As part of this new tax credit, you can now get relief on the increased interest you paid on your mortgage in 2024 when compared with the amount you paid in 2022.
Note: This tax credit was only meant to apply for the year 2023, but as part of Budget 2025, it was announced that the Mortgage Interest Tax Credit for 2023 would be extended to 2024.
| Who: Homeowners paying mortgage interest (who meet certain criteria). Value: The tax credit is 20% of the interest increase you pay on your mortgage in 2024 when compared with the amount you paid in 2022. (The credit is capped at €1,250.) Requirements: In addition to being tax resident, you must: Have had an outstanding mortgage balance of between €80,000 and €500,000 on 31 December 2022 Have a loan with a qualifying lender (a qualifying lender is a lender listed as a credit information provider by the Central Bank of Ireland) Have paid interest on the loan during the relevant years Verify that the amount of interest you paid on the loan in 2023/2024 has increased from what you paid in 2022 Note: Other conditions also apply for this tax credit which can be discussed directly with a tax advisor How to Claim: This tax credit requires additional documentation that can be uploaded to Revenue’s myAccount or ROS services as part of your tax return. |
Blind Tax Credit
If you’re certified as blind, you can apply for the Blind Tax Credit.

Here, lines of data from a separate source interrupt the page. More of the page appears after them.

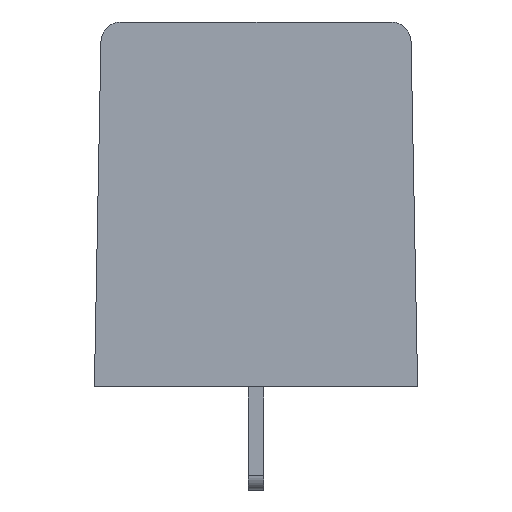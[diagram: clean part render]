
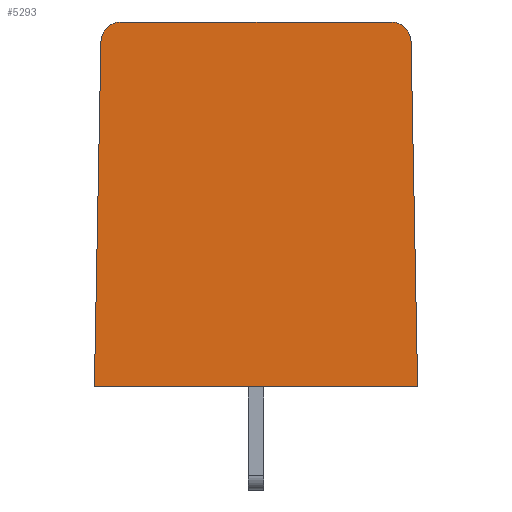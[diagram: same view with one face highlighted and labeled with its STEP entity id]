
A CAD part, left-side view. The second image highlights one B-rep face of the part: STEP entity #5293.
In plain terms, the highlighted planar face has unit normal (-1, 0, 0.011).
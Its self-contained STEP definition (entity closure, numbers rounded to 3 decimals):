
#5293=ADVANCED_FACE('',(#11169),#11171,.T.);
#11169=FACE_BOUND('',#11170,.T.);
#11170=EDGE_LOOP('',(#16059,#16060,#16061,#16062,#16063,#16064));
#11171=PLANE('',#11172);
#11172=AXIS2_PLACEMENT_3D('',#11173,#11174,#11175);
#11173=CARTESIAN_POINT('',(-43.7,8.15,0.));
#11174=DIRECTION('',(-1.,0.,0.011));
#11175=DIRECTION('',(0.,-1.,0.));
#16059=ORIENTED_EDGE('',*,*,#18763,.F.);
#16060=ORIENTED_EDGE('',*,*,#18772,.F.);
#16061=ORIENTED_EDGE('',*,*,#18770,.F.);
#16062=ORIENTED_EDGE('',*,*,#18769,.F.);
#16063=ORIENTED_EDGE('',*,*,#18766,.T.);
#16064=ORIENTED_EDGE('',*,*,#18764,.T.);
#18763=EDGE_CURVE('',#21853,#21851,#21855,.F.);
#18764=EDGE_CURVE('',#21856,#21851,#21857,.T.);
#18766=EDGE_CURVE('',#21859,#21856,#21860,.T.);
#18769=EDGE_CURVE('',#21859,#21862,#21864,.T.);
#18770=EDGE_CURVE('',#21862,#21865,#21866,.T.);
#18772=EDGE_CURVE('',#21865,#21853,#21868,.T.);
#21851=VERTEX_POINT('',#28364);
#21853=VERTEX_POINT('',#28368);
#21855=(BOUNDED_CURVE()B_SPLINE_CURVE(3,
(#28372,#28373,#28374,#28375),
.UNSPECIFIED.,.F.,.F.)B_SPLINE_CURVE_WITH_KNOTS((4,4),
(0.,1.),
.UNSPECIFIED.)CURVE()GEOMETRIC_REPRESENTATION_ITEM()RATIONAL_B_SPLINE_CURVE((1.,
0.809,0.809,1.))REPRESENTATION_ITEM(''));
#21856=VERTEX_POINT('',#28376);
#21857=LINE('',#28377,#28378);
#21859=VERTEX_POINT('',#28383);
#21860=LINE('',#28384,#28385);
#21862=VERTEX_POINT('',#28390);
#21864=LINE('',#28394,#28395);
#21865=VERTEX_POINT('',#28397);
#21866=(BOUNDED_CURVE()B_SPLINE_CURVE(3,
(#28398,#28399,#28400,#28401),
.UNSPECIFIED.,.F.,.F.)B_SPLINE_CURVE_WITH_KNOTS((4,4),
(0.,1.),
.UNSPECIFIED.)CURVE()GEOMETRIC_REPRESENTATION_ITEM()RATIONAL_B_SPLINE_CURVE((1.,
0.809,0.809,1.))REPRESENTATION_ITEM(''));
#21868=LINE('',#28405,#28406);
#28364=CARTESIAN_POINT('',(-43.511,-7.819,17.419));
#28368=CARTESIAN_POINT('',(-43.5,-6.819,18.4));
#28372=CARTESIAN_POINT('',(-43.511,-7.819,17.419));
#28373=CARTESIAN_POINT('',(-43.504,-7.808,17.996));
#28374=CARTESIAN_POINT('',(-43.5,-7.396,18.4));
#28375=CARTESIAN_POINT('',(-43.5,-6.819,18.4));
#28376=CARTESIAN_POINT('',(-43.7,-8.15,0.));
#28377=CARTESIAN_POINT('',(-43.7,-8.15,0.));
#28378=VECTOR('',#28379,1.);
#28379=DIRECTION('',(0.011,0.019,1.));
#28383=CARTESIAN_POINT('',(-43.7,8.15,0.));
#28384=CARTESIAN_POINT('',(-43.7,8.15,0.));
#28385=VECTOR('',#28386,1.);
#28386=DIRECTION('',(0.,-1.,0.));
#28390=CARTESIAN_POINT('',(-43.511,7.819,17.419));
#28394=CARTESIAN_POINT('',(-43.7,8.15,0.));
#28395=VECTOR('',#28396,1.);
#28396=DIRECTION('',(0.011,-0.019,1.));
#28397=CARTESIAN_POINT('',(-43.5,6.819,18.4));
#28398=CARTESIAN_POINT('',(-43.511,7.819,17.419));
#28399=CARTESIAN_POINT('',(-43.504,7.808,17.996));
#28400=CARTESIAN_POINT('',(-43.5,7.396,18.4));
#28401=CARTESIAN_POINT('',(-43.5,6.819,18.4));
#28405=CARTESIAN_POINT('',(-43.5,6.819,18.4));
#28406=VECTOR('',#28407,1.);
#28407=DIRECTION('',(0.,-1.,0.));

| Who: Individuals certified as blind or who are partially sighted. Value: €1,650 (2024) or €3,300 for a married couple or civil partners, where both are blind. Note: The current value of this tax credit is the same as the previous year, though it has been increased for the year 2025 in Budget 2025 (by €300 to €1,950). Requirements: In addition to being tax resident, you may only qualify for the Blind Tax Credit if: Your central visual acuity does not exceed 6/60 in your better eye, with correcting lenses And your field of vision is limited so that the widest diameter of your visual field subtends an angle no greater than 20 degrees How to Claim: Because supporting documents must be provided (e.g., from a surgeon or ophthalmologist), you must claim this tax credit manually through myAccount or ROS. |
Guide Dog Allowance
If you’re certified as blind and own a trained guide dog, you may also be able to apply for the Guide Dog Allowance. Note: Other assistance dogs may qualify for a different relief.

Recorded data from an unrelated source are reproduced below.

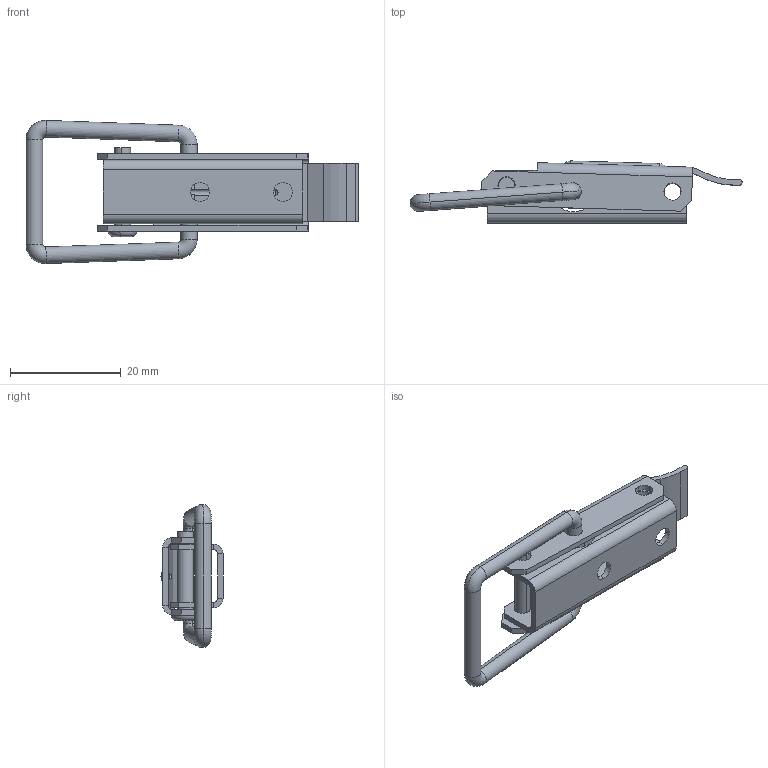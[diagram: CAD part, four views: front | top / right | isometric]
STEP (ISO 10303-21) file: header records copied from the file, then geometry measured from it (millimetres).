
FILE_DESCRIPTION (( 'STEP AP214' ), '1' );
FILE_NAME ('D10252 - 102 SS2 Stainless.STEP', '2017-02-13T07:38:17', ( '' ), ( '' ), 'SwSTEP 2.0', 'SolidWorks 2015', '' );
FILE_SCHEMA (( 'AUTOMOTIVE_DESIGN' ));
Length unit declared in the file: millimetre
Products named in the file (5): bygel; Nit; Överdel; Underdel; D10252 - 102 SS2 Stainless
Assembly tree (4 placements, depth 2):
  D10252 - 102 SS2 Stainless
    Underdel
    Överdel
    Nit
    bygel
Bounding box: 59.98 x 11.22 x 25.85 mm (x, y, z)
Volume: 2489 mm3; surface area: 4939 mm2
Topology: 4 solids, 4 shells, 155 faces, 380 edges, 232 vertices
Faces by surface type: plane 83, cylinder 57, torus 10, sphere 5
Entity records: 4733 total; most frequent: DIRECTION 841, CARTESIAN_POINT 766, ORIENTED_EDGE 748, EDGE_CURVE 374, AXIS2_PLACEMENT_3D 305, VECTOR 231, LINE 231, VERTEX_POINT 230

| Who: Individuals who are blind or visually impaired, with a certified guide dog. Value: €825 at the standard 20% rate of Income Tax (equal to a tax credit of €165) (2024) Requirements: Must be tax resident and able to verify your visual impairment with supporting documentation. How to Claim: Through myAccount (where supporting documents should be uploaded). |
Medical Expenses
If you’ve incurred medical costs during the tax year, you might be eligible for relief on qualifying medical expenses through a tax credit.
Anyone can claim this, and it can help reduce your taxable income. Just be sure to keep medical receipts handy as you’ll need them when claiming through myAccount or ROS!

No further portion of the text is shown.